= William Roberts (biographer) =

William Roberts (1767 – 21 May 1849) was an English barrister and legal writer, an evangelical journal editor and the first biographer of Hannah More.

==Life==
William Roberts was born in Newington Butts. He was educated at Eton College, St Paul's School and Corpus Christi College, Oxford, where Thomas Burgess was his tutor. He gained his B.A. degree in 1788, and M.A .in 1791.

Roberts toured the Continent (including Paris) before returning to England and founding a short-lived biweekly journal, The Looker-on (1792–1793) under the pseudonym Rev. Simon Olive-Branch.
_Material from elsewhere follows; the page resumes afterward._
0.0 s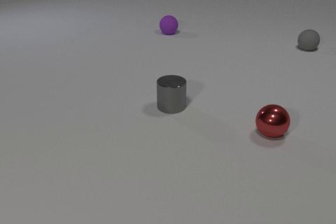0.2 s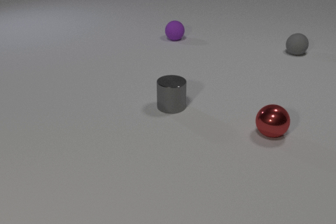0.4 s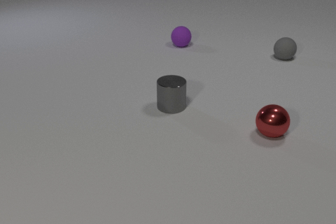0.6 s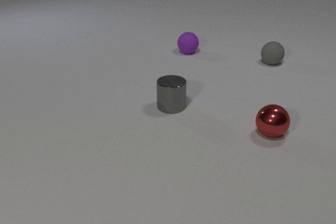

Entering the law, Roberts wrote several legal treatises. He married Elizabeth Anne Sidebotham, daughter of a Middle Temple barrister, who bore him ten children. From 1811 to 1822 he was editor of the British Review, and London Critical Journal, founded by the evangelical lawyer John Weyland and published by John Hatchard, an evangelical Tory publisher with offices at Piccadilly. When Canto I of Don Juan made the facetious claim that Byron had "bribed my grandmother's review — the British" to review the poem well, Roberts issued a solemn denial.

Roberts retired from the law to Surrey, and later to St Albans in Hertfordshire. His son Arthur Roberts wrote a biography in 1850.

==Works==
- Memoirs of the Life and Correspondence of Mrs. Hannah More, 4 vols, London: R. B. Seeley & W. Burnside, 1834.

Roberts published his four-volume biography of Hannah More in 1834; it included extended extracts from More's letters. Its hagiographic tone and editorial inaccuracy drew the scorn of John Gibson Lockhart in the Quarterly. More's biographer Anne Stott wrote that the omissions and "improvements" made by Roberts were partially responsible for a view of More as an "unpleasant, authoritarian bigot".

Other works included:

- A treatise on the construction of the statutes, 13 Eliz. c. 5. and 27 Eliz. c. 4. relating to voluntary and fraudulent conveyances and on the nature and force of different considerations to support deeds and other legal instruments, in the courts of law and equity, London, 1800
- A treatise on the statute of frauds as it regards declarations in trust, contracts, surrenders, conveyances, and the execution and proof of wills and codicils : to which is prefixed a systematic dissertation upon the admissibility of parol and extrinsic evidence, to explain and controul written instruments, London: J. Butterworth, 1805
- A treatise upon wills and codicils with an appendix of the statutes, and a copious collection of useful precedents, with notes, practical and explanatory, 1809
- (anon.) The Portraiture of a Christian Gentleman. By a Barrister, London: J. A. Hessey, 1829. Republished under Roberts's name, 1831.
- History of Letter-Writing, From the Earliest Period to the Fifth Century, London: W. Pickering, 1843.